From test case to execution: two paths

There are two ways to build test cases, depending on the technical requirements. Deutsche Bahn uses the code path via a framework with TypeScript and Node.js for the mobile checkout.

In the code, the AskUI selector is just another selector in the library. Instead of an element ID, you write a linguistic description: click on the green login button in the top left corner. This description becomes the selector at runtime. The library can be integrated into PyTest, TypeScript testing and other runners.

For less technical users, there is a no-code option via a CSV. If the test cases are in a test management tool with a test case ID and natural language step-by-step description, an LLM reads this description and converts each step into an action. You upload the file and start the suite.

The selector works like a virtual tester with an understanding of interfaces. You describe the element as you would explain it to a person seeing the screen for the first time.

Maintenance via training instead of code conversion

If the interface changes, the adaptation effort is minimal because the entire code does not have to be touched. The tool automatically picks up the new screens and makes some of the changes itself. The test logic is only adapted for the changed case.

There is a separate training tool for detection errors. If a screenshot provides a blurred element and the model does not recognize “registration”, for example, you can teach the tool exactly this assignment. This allows you to manually expand the underlying model if the automatic recognition fails.

This ability to refine the model yourself sets the approach apart from pure black box tools. You are not dependent on the manufacturer covering every special case.

What figures from practice show

The mobile checkout comprises 270 longer test cases at acceptance level, 60 of which are currently automated. These 60 cases run automatically in around three hours. Manually, a tester needs at least eight hours for around 50 cases.

The goal is much more ambitious. If 210 to 220 of the 270 test cases are automated and run in parallel across several devices, the entire suite should run through in one to one and a half hours. This would save around half of the current resources.

The mobile cash register cannot be fully automated. It uses peripheral devices: a printer for the receipt and a device for scanning the credit card. These peripheral tests are not yet covered, but make up the smaller part.

Railway-specific devices with their own certificates are an additional hurdle. The app does not run on any hardware, and testing against emulators also fails due to these certificates.
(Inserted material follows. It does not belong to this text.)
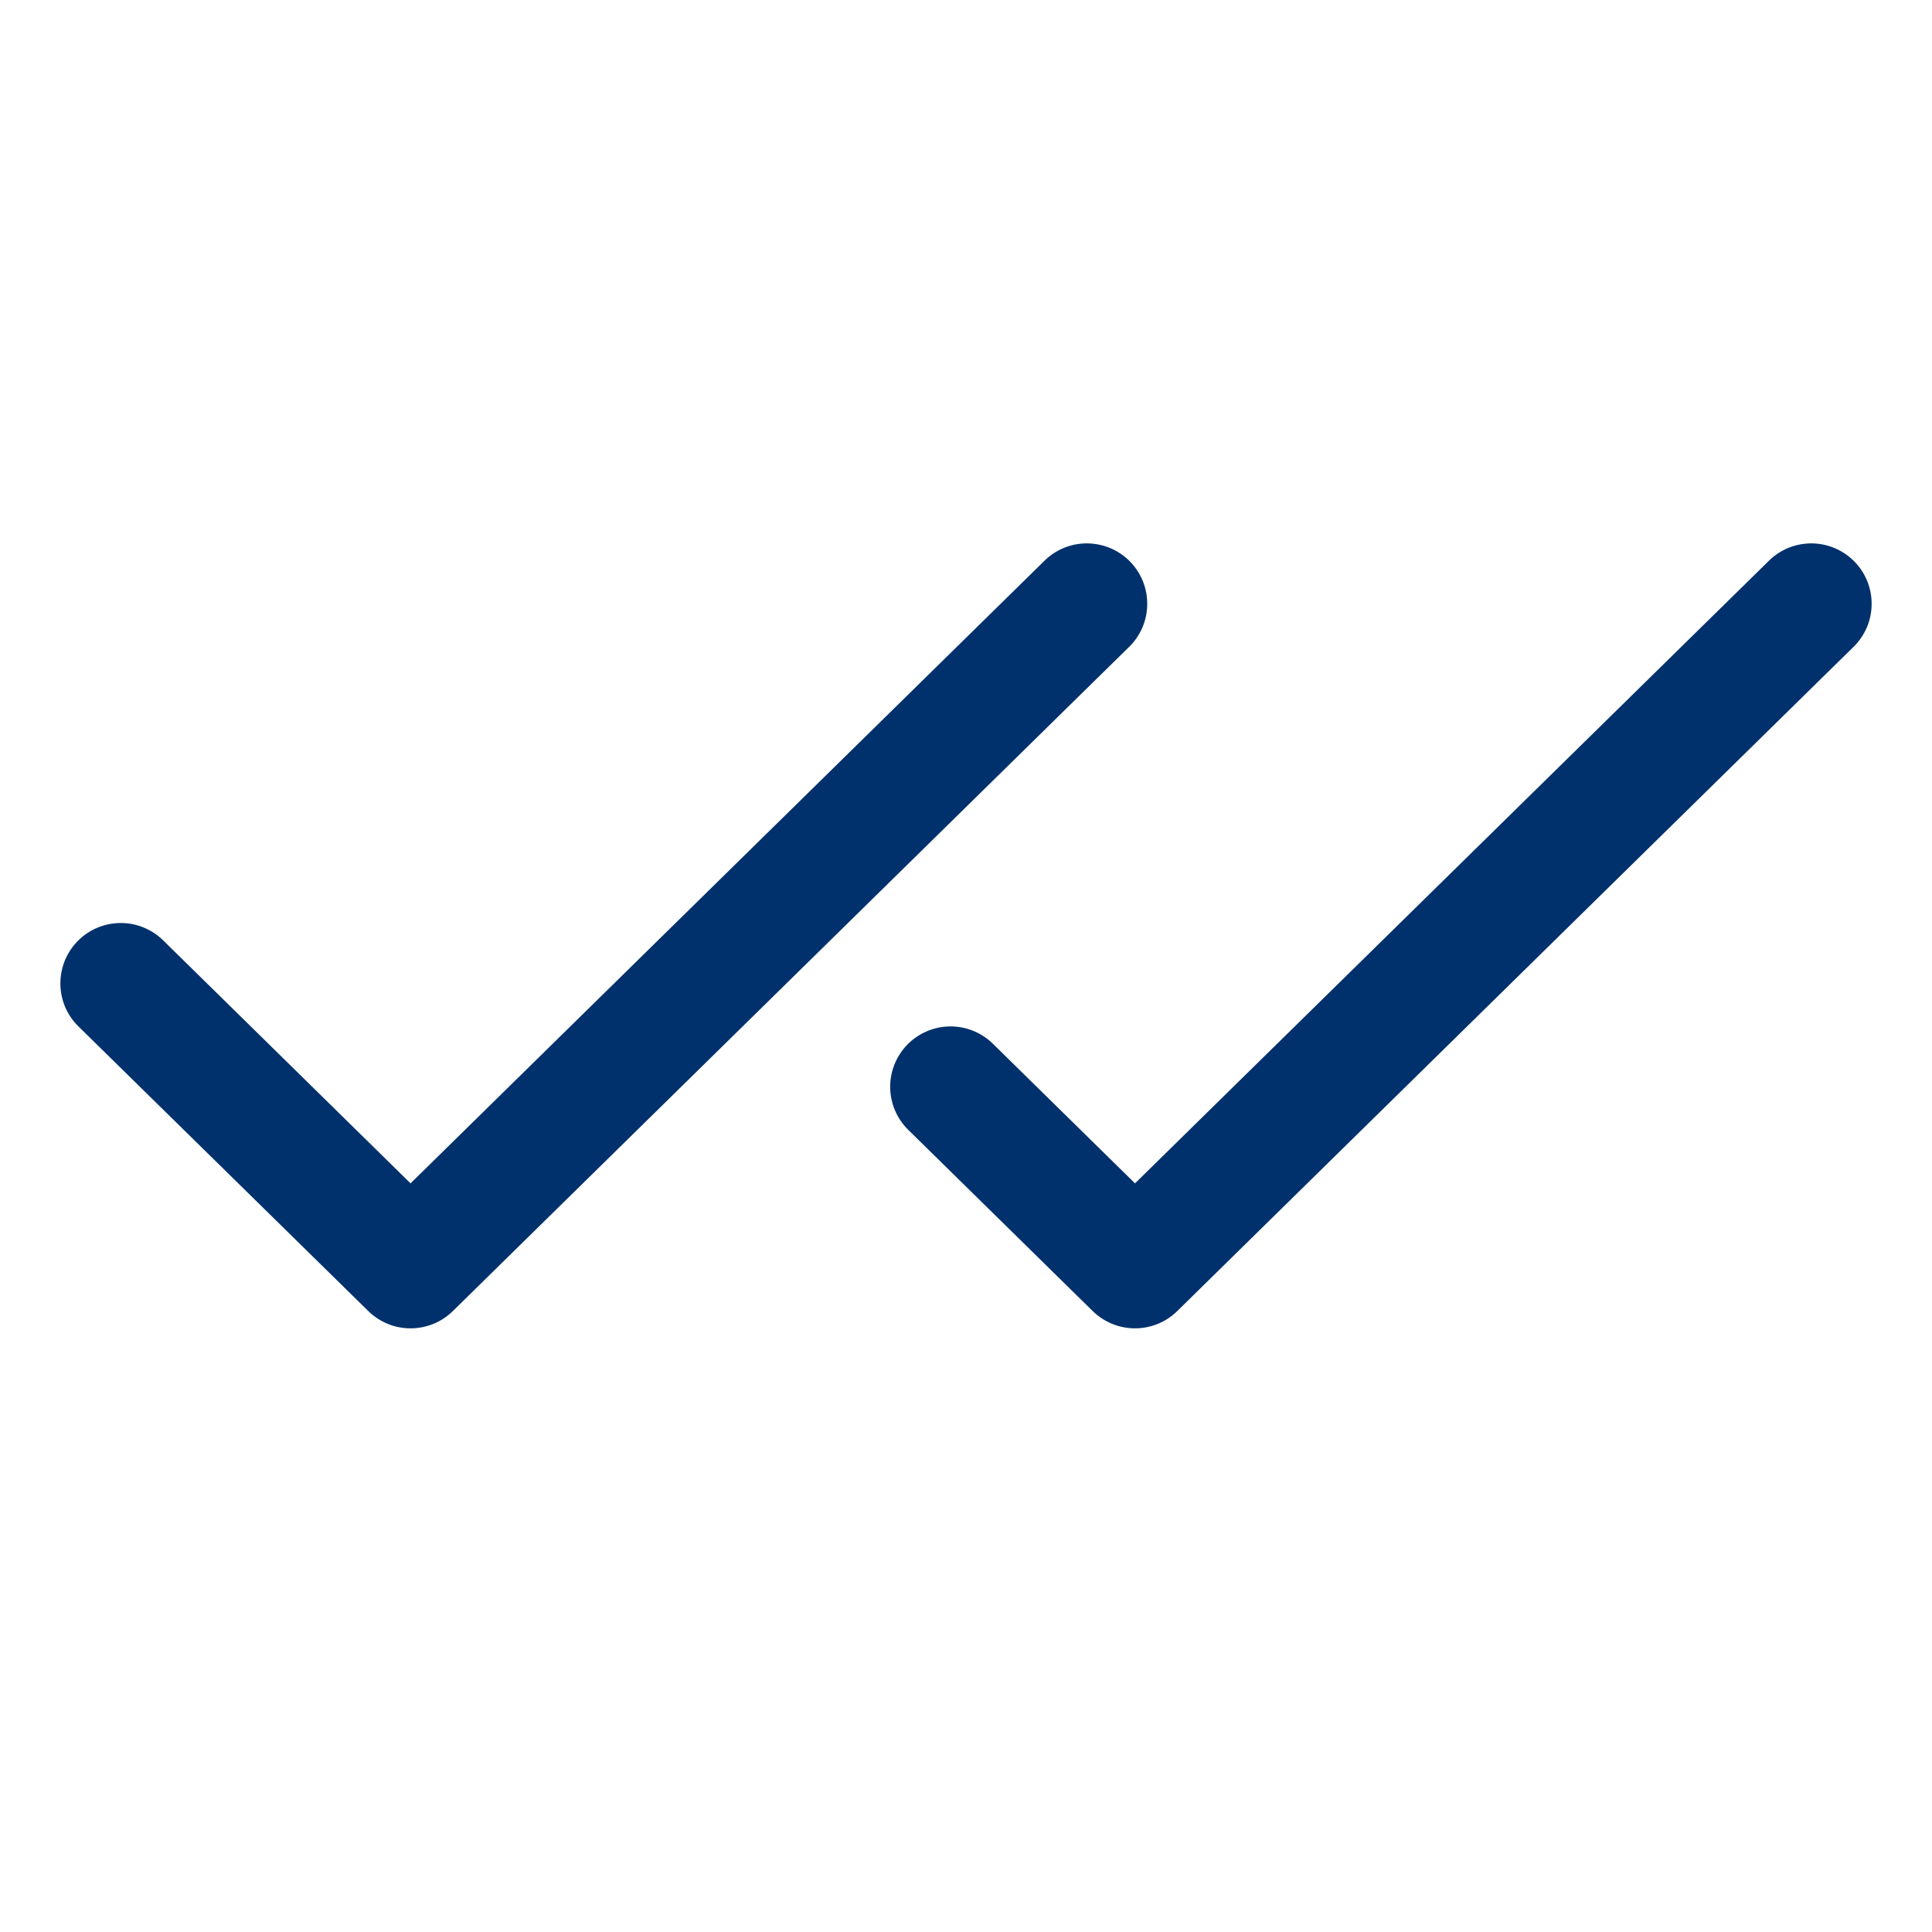 <svg width="40" height="40" viewBox="0 0 40 40" fill="none" xmlns="http://www.w3.org/2000/svg">
<path d="M23.377 13.393L9.377 27.143C9.143 27.373 8.828 27.502 8.5 27.502C8.172 27.502 7.857 27.373 7.624 27.143L1.624 21.251C1.507 21.136 1.413 20.999 1.349 20.848C1.285 20.697 1.251 20.534 1.25 20.37C1.249 20.206 1.28 20.043 1.341 19.891C1.403 19.739 1.494 19.6 1.609 19.483C1.724 19.366 1.861 19.273 2.012 19.209C2.163 19.145 2.326 19.111 2.49 19.11C2.654 19.108 2.817 19.139 2.969 19.201C3.121 19.262 3.26 19.353 3.377 19.468L8.5 24.5L21.625 11.609C21.862 11.376 22.181 11.247 22.513 11.25C22.677 11.252 22.839 11.286 22.991 11.35C23.142 11.414 23.279 11.507 23.394 11.624C23.509 11.742 23.6 11.88 23.662 12.033C23.723 12.185 23.754 12.348 23.752 12.512C23.751 12.676 23.717 12.839 23.653 12.99C23.589 13.141 23.495 13.278 23.378 13.393H23.377ZM38.392 11.624C38.277 11.507 38.14 11.414 37.989 11.35C37.838 11.285 37.675 11.252 37.511 11.25C37.347 11.249 37.184 11.28 37.032 11.341C36.879 11.403 36.741 11.494 36.624 11.609L23.499 24.5L20.556 21.609C20.32 21.377 20.001 21.248 19.669 21.251C19.337 21.254 19.021 21.389 18.788 21.625C18.556 21.862 18.427 22.181 18.43 22.513C18.434 22.844 18.568 23.161 18.805 23.393L22.622 27.143C22.856 27.373 23.171 27.502 23.499 27.502C23.827 27.502 24.141 27.373 24.375 27.143L38.375 13.393C38.492 13.278 38.586 13.141 38.651 12.99C38.715 12.839 38.749 12.677 38.75 12.512C38.752 12.348 38.721 12.185 38.66 12.033C38.598 11.88 38.508 11.742 38.392 11.624Z" fill="#01316C"/>
</svg>

Speed is the open construction site

The biggest weakness of the AI-supported approach is performance. Because each step processes a screenshot and visually finds a selector, execution is noticeably slower than with a classic tool. Umar Usman Khan puts it clearly: if the application could have been automated with Appium, he would have used Appium, even though AskUI requires less code.

We are actively working on this. The models run on Deutsche Bahn’s own inference infrastructure instead of in the cloud, which provides data control but costs communication time between the server and the tool. A newly built caching system keeps commands locally instead of sending every command to the server.
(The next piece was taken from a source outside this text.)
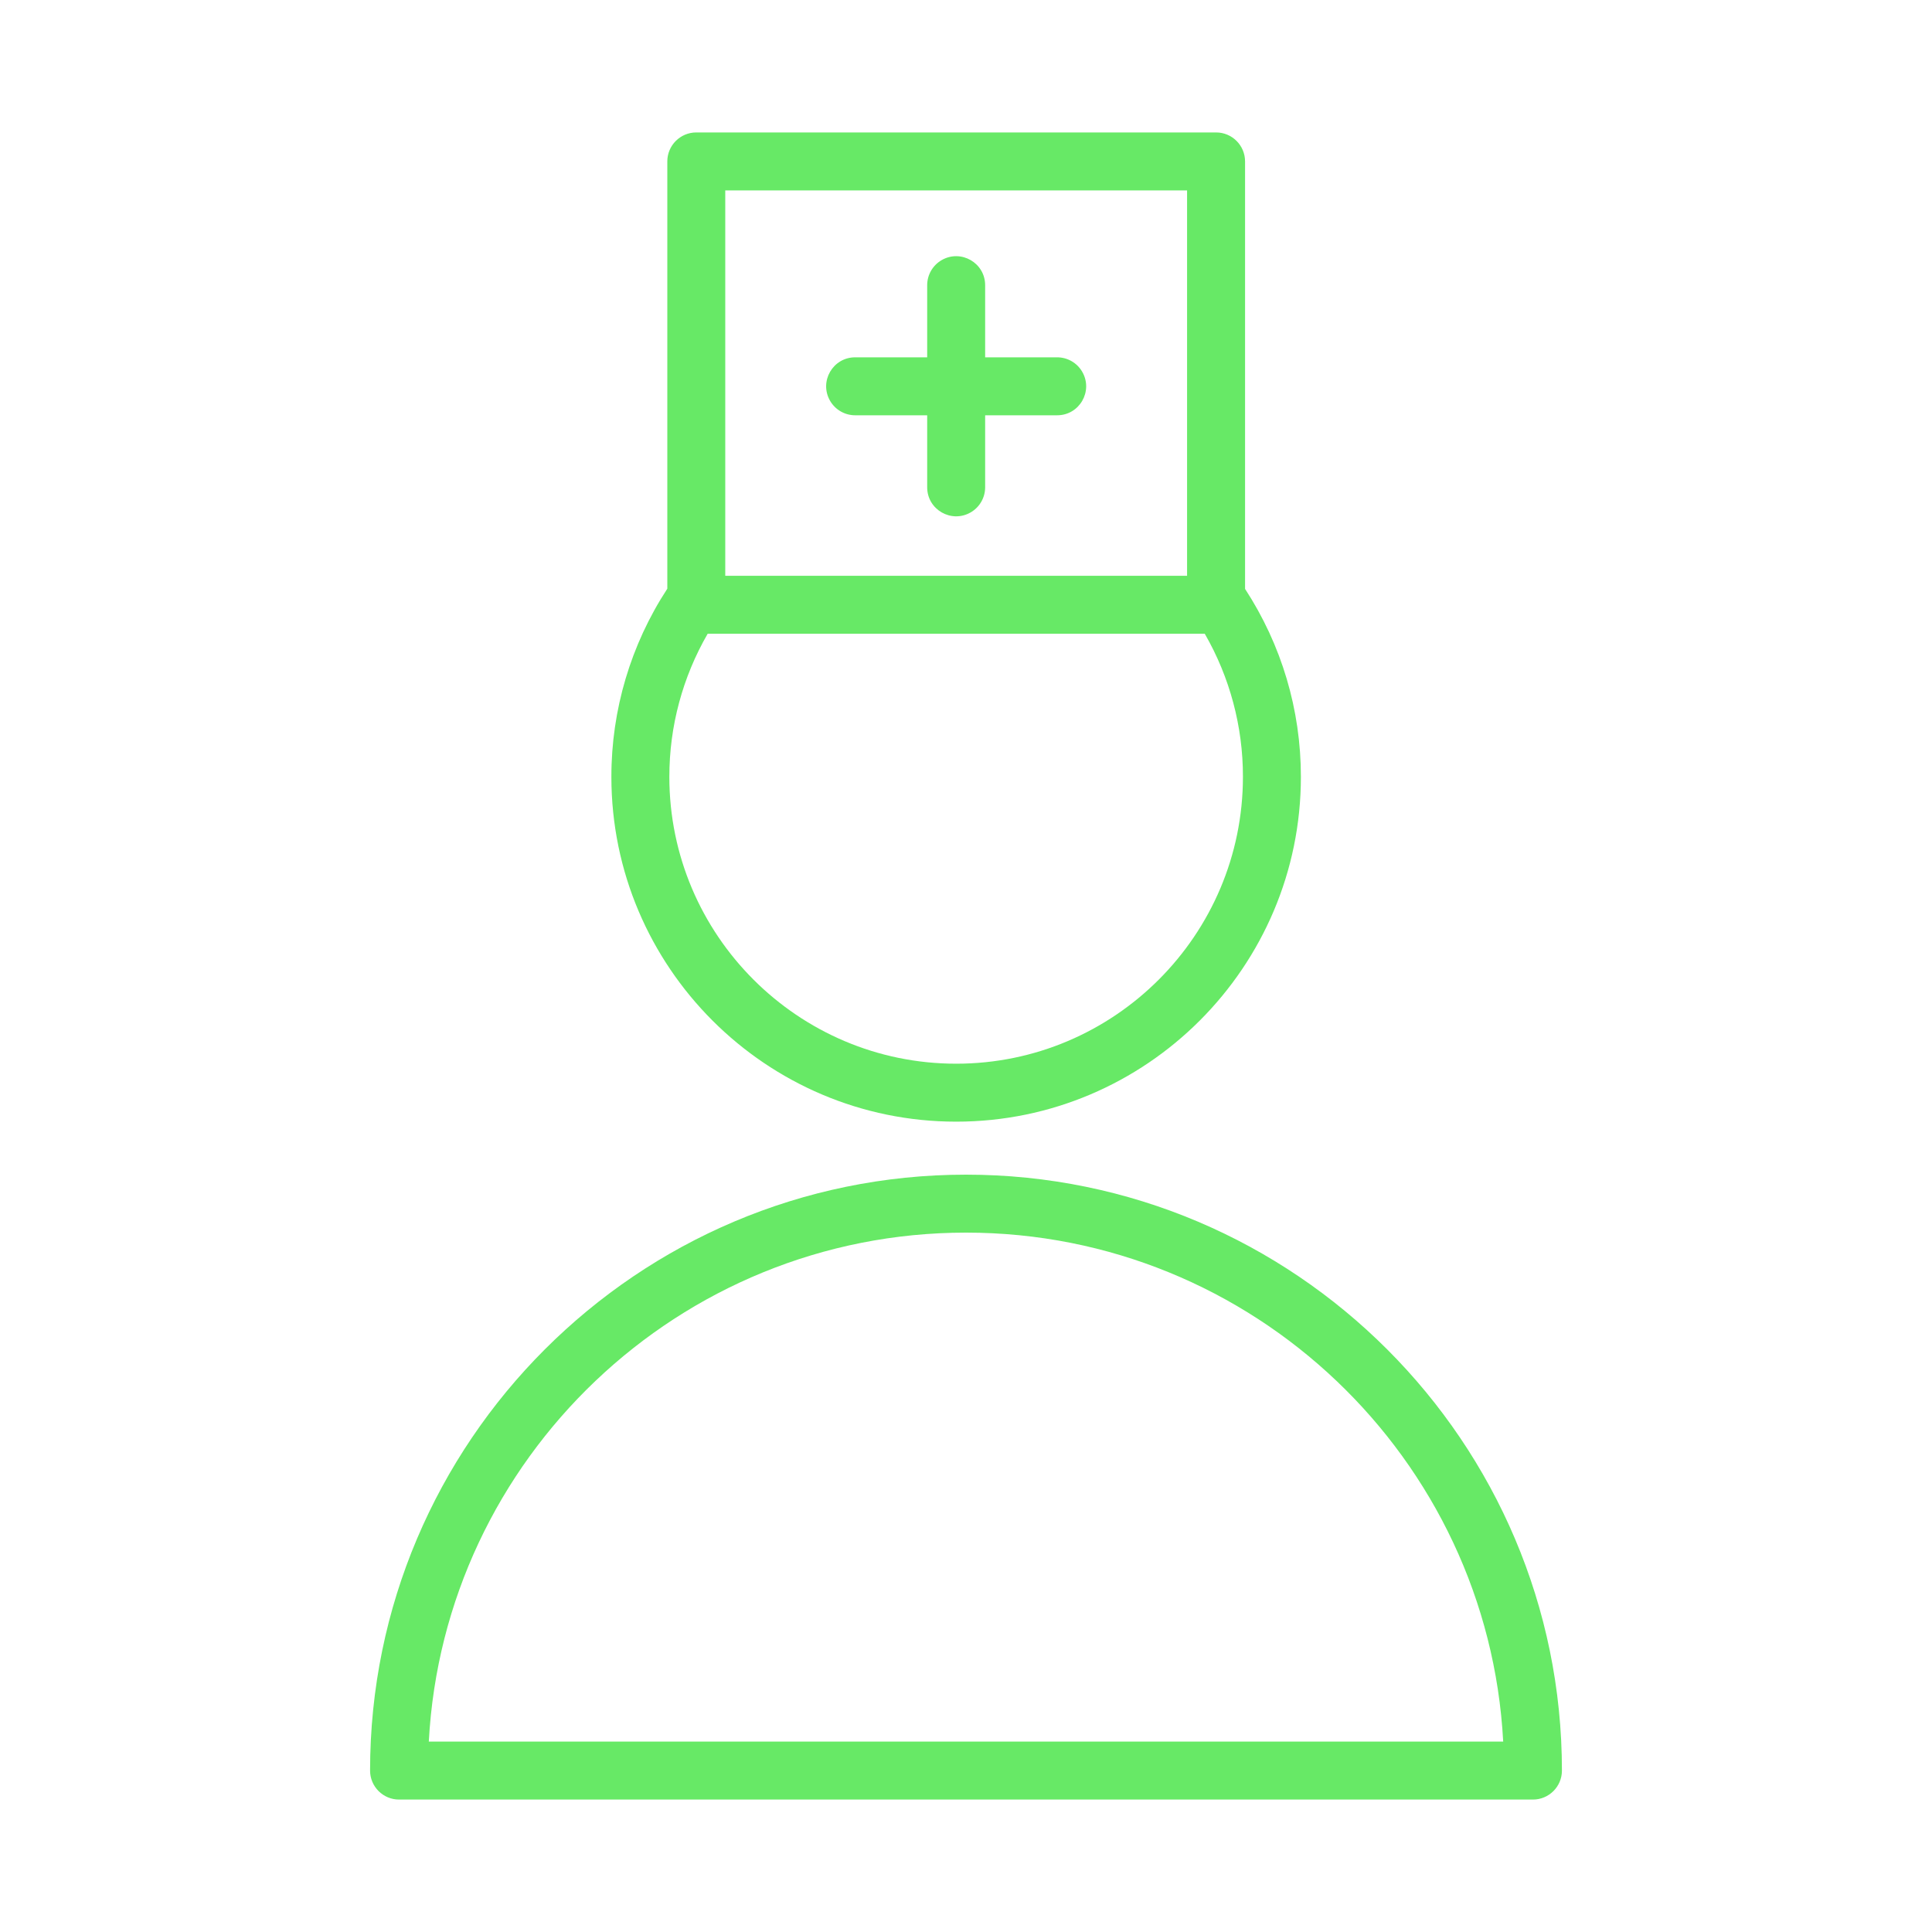 <?xml version="1.0" encoding="UTF-8"?> <svg xmlns="http://www.w3.org/2000/svg" viewBox="1950 2450 100 100" width="100" height="100"><path fill="#03da00" stroke="none" fill-opacity="0.6" stroke-width="1" stroke-opacity="1" color="rgb(51, 51, 51)" fill-rule="evenodd" font-size-adjust="none" id="tSvgb6fad599b8" title="Path 7" d="M 2000 2510.8 C 1982.992 2510.8 1969.155 2524.637 1969.155 2541.645 C 1969.155 2542.473 1969.827 2543.145 1970.655 2543.145 C 1990.218 2543.145 2009.782 2543.145 2029.345 2543.145 C 2030.173 2543.145 2030.845 2542.473 2030.845 2541.645C 2030.845 2524.637 2017.008 2510.8 2000 2510.8Z M 1972.195 2540.145 C 1972.977 2525.486 1985.15 2513.8 2000 2513.8 C 2014.85 2513.8 2027.023 2525.486 2027.805 2540.145C 2009.268 2540.145 1990.732 2540.145 1972.195 2540.145Z M 1999.491 2508.057 C 2009.329 2508.057 2017.334 2500.05 2017.334 2490.207 C 2017.334 2486.73 2016.331 2483.376 2014.444 2480.481 C 2014.444 2473.106 2014.444 2465.73 2014.444 2458.355 C 2014.444 2457.527 2013.772 2456.855 2012.944 2456.855 C 2003.976 2456.855 1995.008 2456.855 1986.04 2456.855 C 1985.212 2456.855 1984.54 2457.527 1984.54 2458.355 C 1984.54 2465.727 1984.54 2473.099 1984.54 2480.471 C 1982.648 2483.365 1981.642 2486.749 1981.645 2490.207C 1981.644 2500.05 1989.65 2508.057 1999.491 2508.057Z M 1987.539 2459.856 C 1995.507 2459.856 2003.475 2459.856 2011.443 2459.856 C 2011.443 2466.505 2011.443 2473.154 2011.443 2479.803 C 2003.475 2479.803 1995.507 2479.803 1987.539 2479.803C 1987.539 2473.154 1987.539 2466.505 1987.539 2459.856Z M 1986.629 2482.802 C 1995.205 2482.802 2003.782 2482.802 2012.358 2482.802 C 2013.656 2485.054 2014.338 2487.608 2014.334 2490.207 C 2014.333 2498.396 2007.675 2505.057 1999.491 2505.057 C 1991.305 2505.057 1984.645 2498.395 1984.645 2490.207C 1984.645 2487.59 1985.331 2485.05 1986.629 2482.802Z"></path><path fill="#03da00" stroke="none" fill-opacity="0.6" stroke-width="1" stroke-opacity="1" color="rgb(51, 51, 51)" fill-rule="evenodd" font-size-adjust="none" id="tSvg32f7f3e67d" title="Path 8" d="M 2004.718 2468.495 C 2003.476 2468.495 2002.233 2468.495 2000.991 2468.495 C 2000.991 2467.251 2000.991 2466.006 2000.991 2464.762 C 2000.991 2463.607 1999.741 2462.886 1998.741 2463.463 C 1998.277 2463.731 1997.991 2464.226 1997.991 2464.762 C 1997.991 2466.006 1997.991 2467.251 1997.991 2468.495 C 1996.748 2468.495 1995.506 2468.495 1994.263 2468.495 C 1993.108 2468.495 1992.387 2469.745 1992.964 2470.745 C 1993.232 2471.209 1993.727 2471.495 1994.263 2471.495 C 1995.506 2471.495 1996.748 2471.495 1997.991 2471.495 C 1997.991 2472.738 1997.991 2473.98 1997.991 2475.223 C 1997.991 2476.378 1999.241 2477.099 2000.241 2476.522 C 2000.705 2476.254 2000.991 2475.759 2000.991 2475.223 C 2000.991 2473.98 2000.991 2472.738 2000.991 2471.495 C 2002.233 2471.495 2003.476 2471.495 2004.718 2471.495 C 2005.873 2471.495 2006.594 2470.245 2006.017 2469.245C 2005.749 2468.781 2005.254 2468.495 2004.718 2468.495Z"></path><defs> </defs></svg>

Other levers include compression, smaller models and as few inference calls as possible per run. The thrust: process as much as possible locally, less request-response traffic.

Why the partnership with a startup works here

Close cooperation with a young provider pays off for both sides. Missing features or problems from operations flow back directly, and the provider delivers fixes and new functions faster than would be usual with an established tool.

For something like this to work, it needs backing within the company. Proof of concepts cost an investment, and someone has to support this investment internally. This was exactly the case here, supported by team leaders and department heads.

For you as a tester, this means that a new, as yet unfinished tool can be the right way to go if the established tooling simply fails in the application. The leap from two to three weeks of manual effort to a few hours justifies actively helping to shape a growing product instead of waiting for the perfect off-the-shelf solution.